Medialne komando Obajtka wywaliło z pracy @MarekTwarog. Szefa jednej z najlepszych gazet regionalnych. Takie są fakty. Interpretację pozostawiam pożytecznym kretynom, nazywającym siebie (chyba dla jaj) symetrystami.
— Kamil Durczok (@durczokk) April 29, 2021
Co ciekawe, Tomasz Lis i spółka nie reagowali równie histerycznie na zmiany, jakie od stycznia 2020 roku poczyniono w "Gazecie Wyborczej". Portal wirtualnemedia.pl informował wówczas o redukcji wydań lokalnych i cięciach, które mogły spowodować utratę pracy przez wielu dziennikarzy i pracowników gazet.
O fali zwolnień w "Gazecie Wyborczej", która za czasów rządów PO-PSL mocno korzystała z publicznych pieniędzy na ogłoszenia i reklamy, głośno było także w 2016 roku. - Początkowo miały one objąć maksymalnie 135 osób, jednak już w grudniu rozszerzono je do 190 osób - pisaliśmy wówczas. Sprzeciwu słychać nie było...
W grupie TVN Discovery Polska doszło do kolejnego etapu redukcji zatrudnienia. Zwolnienia dotyczą głównie redakcji stacji TVN 24 - informował w styczniu 2021 roku serwis Wirtualne Media. Czy chociaż tym razem głos zabrali Lis, Żakowski czy Schwertner? Ależ skąd!
- „Pochylanie się z troską” nad naczelnymi, którzy za porozumieniem stron rozwiązali umowy z Polska Press przez ludzi z GW czy TVN, czyli redakcji które zwalniały ludzi i redukowały pensje jest czym więcej niż hipokryzją. Jest zwykłą bezczelnością - skomentowała Dorota Kania z zarządu Polska Press.
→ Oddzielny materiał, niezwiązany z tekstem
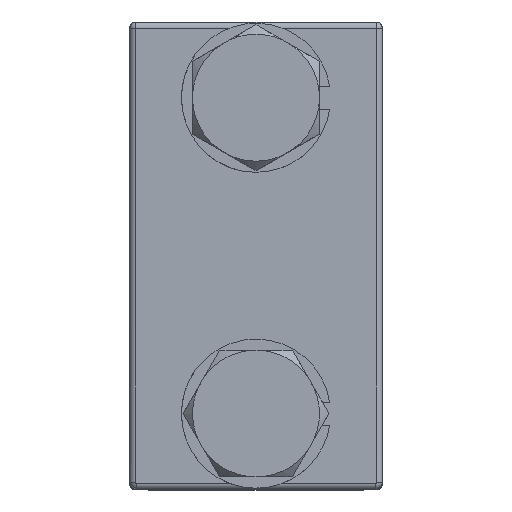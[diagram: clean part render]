
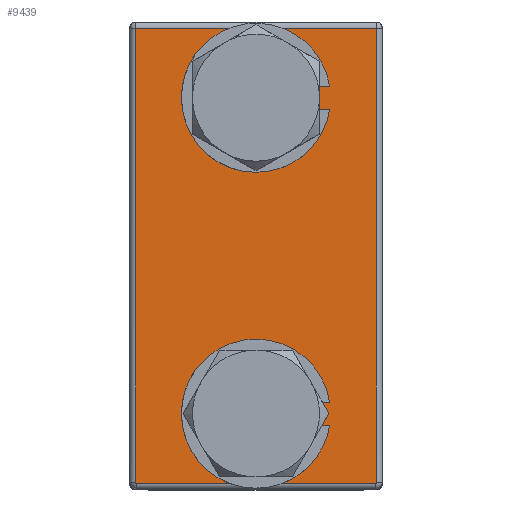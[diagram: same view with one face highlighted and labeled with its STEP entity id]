
A CAD part, top view. The second image highlights one B-rep face of the part: STEP entity #9439.
In plain terms, the highlighted face is planar.
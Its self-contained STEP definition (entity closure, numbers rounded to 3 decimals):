
#7028=DIRECTION('',(0.,1.,0.));
#7029=VECTOR('',#7028,19.);
#7030=CARTESIAN_POINT('',(-18.,-9.5,0.));
#7031=LINE('',#7030,#7029);
#7054=DIRECTION('',(-1.,0.,0.));
#7055=VECTOR('',#7054,36.);
#7056=CARTESIAN_POINT('',(18.,9.5,0.));
#7057=LINE('',#7056,#7055);
#7061=DIRECTION('',(1.,0.,0.));
#7062=VECTOR('',#7061,36.);
#7063=CARTESIAN_POINT('',(-18.,-9.5,0.));
#7064=LINE('',#7063,#7062);
#7068=CARTESIAN_POINT('',(12.5,0.,0.));
#7069=DIRECTION('',(0.,0.,-1.));
#7070=DIRECTION('',(1.,0.,0.));
#7071=AXIS2_PLACEMENT_3D('',#7068,#7069,#7070);
#7076=CARTESIAN_POINT('',(12.5,0.,0.));
#7077=DIRECTION('',(0.,0.,-1.));
#7078=DIRECTION('',(-1.,0.,0.));
#7079=AXIS2_PLACEMENT_3D('',#7076,#7077,#7078);
#7084=CARTESIAN_POINT('',(-12.5,0.,0.));
#7085=DIRECTION('',(0.,0.,-1.));
#7086=DIRECTION('',(1.,0.,0.));
#7087=AXIS2_PLACEMENT_3D('',#7084,#7085,#7086);
#7092=CARTESIAN_POINT('',(-12.5,0.,0.));
#7093=DIRECTION('',(0.,0.,-1.));
#7094=DIRECTION('',(-1.,0.,0.));
#7095=AXIS2_PLACEMENT_3D('',#7092,#7093,#7094);
#8274=DIRECTION('',(0.,-1.,0.));
#8275=VECTOR('',#8274,19.);
#8276=CARTESIAN_POINT('',(18.,9.5,0.));
#8277=LINE('',#8276,#8275);
#9090=CARTESIAN_POINT('',(-18.,-9.5,0.));
#9091=CARTESIAN_POINT('',(-18.,9.5,0.));
#9092=VERTEX_POINT('',#9090);
#9093=VERTEX_POINT('',#9091);
#9094=CARTESIAN_POINT('',(18.,9.5,0.));
#9095=VERTEX_POINT('',#9094);
#9096=CARTESIAN_POINT('',(18.,-9.5,
0.));
#9097=VERTEX_POINT('',#9096);
#9098=CARTESIAN_POINT('',(15.75,0.,0.));
#9099=CARTESIAN_POINT('',(9.25,0.,0.));
#9100=VERTEX_POINT('',#9098);
#9101=VERTEX_POINT('',#9099);
#9102=CARTESIAN_POINT('',(-9.25,0.,0.));
#9103=CARTESIAN_POINT('',(-15.75,0.,0.));
#9104=VERTEX_POINT('',#9102);
#9105=VERTEX_POINT('',#9103);
#9413=CARTESIAN_POINT('',(0.,0.,0.));
#9414=DIRECTION('',(0.,0.,1.));
#9415=DIRECTION('',(0.,1.,0.));
#9416=AXIS2_PLACEMENT_3D('',#9413,#9414,#9415);
#9417=PLANE('',#9416);
#9419=ORIENTED_EDGE('',*,*,#9418,.T.);
#9420=ORIENTED_EDGE('',*,*,#9396,.F.);
#9422=ORIENTED_EDGE('',*,*,#9421,.T.);
#9424=ORIENTED_EDGE('',*,*,#9423,.F.);
#9425=EDGE_LOOP('',(#9419,#9420,#9422,#9424));
#9426=FACE_OUTER_BOUND('',#9425,.F.);
#9428=ORIENTED_EDGE('',*,*,#9427,.T.);
#9430=ORIENTED_EDGE('',*,*,#9429,.T.);
#9431=EDGE_LOOP('',(#9428,#9430));
#9432=FACE_BOUND('',#9431,.F.);
#9434=ORIENTED_EDGE('',*,*,#9433,.T.);
#9436=ORIENTED_EDGE('',*,*,#9435,.T.);
#9437=EDGE_LOOP('',(#9434,#9436));
#9438=FACE_BOUND('',#9437,.F.);
#7072=CIRCLE('',#7071,3.25);
#7080=CIRCLE('',#7079,3.25);
#7088=CIRCLE('',#7087,3.25);
#7096=CIRCLE('',#7095,3.25);
#9396=EDGE_CURVE('',#9092,#9093,#7031,.T.);
#9418=EDGE_CURVE('',#9095,#9093,#7057,.T.);
#9421=EDGE_CURVE('',#9092,#9097,#7064,.T.);
#9423=EDGE_CURVE('',#9095,#9097,#8277,.T.);
#9427=EDGE_CURVE('',#9100,#9101,#7072,.T.);
#9429=EDGE_CURVE('',#9101,#9100,#7080,.T.);
#9433=EDGE_CURVE('',#9104,#9105,#7088,.T.);
#9435=EDGE_CURVE('',#9105,#9104,#7096,.T.);
#9439=ADVANCED_FACE('',(#9426,#9432,#9438),#9417,.F.);

„Pochylanie się z troską” nad naczelnymi, którzy za porozumieniem stron rozwiązali umowy z Polska Press przez ludzi z GW czy TVN, czyli redakcji które zwalniały ludzi i redukowały pensje jest czym więcej niż hipokryzją. Jest zwykłą bezczelnością
— Dorota Kania (@DorotaKania2) April 30, 2021
- Trzeba być jednak skończonym idiotą, żeby myśleć, iż Orlen po kupnie Polska Press nie będzie dokonywać zmian personalnych na ważnych stanowiskach menedżerskich. Świat ugina się pod ciężarem skończonych idiotów. Niestety
- dodał Sławomir Jastrzębowski, dziennikarz z wieloletnim stażem, również na stanowiskach kierowniczych.
Trzeba być jednak skończonym idiotą, żeby myśleć, iż Orlen po kupnie Polska Press nie będzie dokonywać zmian personalnych na ważnych stanowiskach menedżerskich. Świat ugina się pod ciężarem skończonych idiotów. Niestety.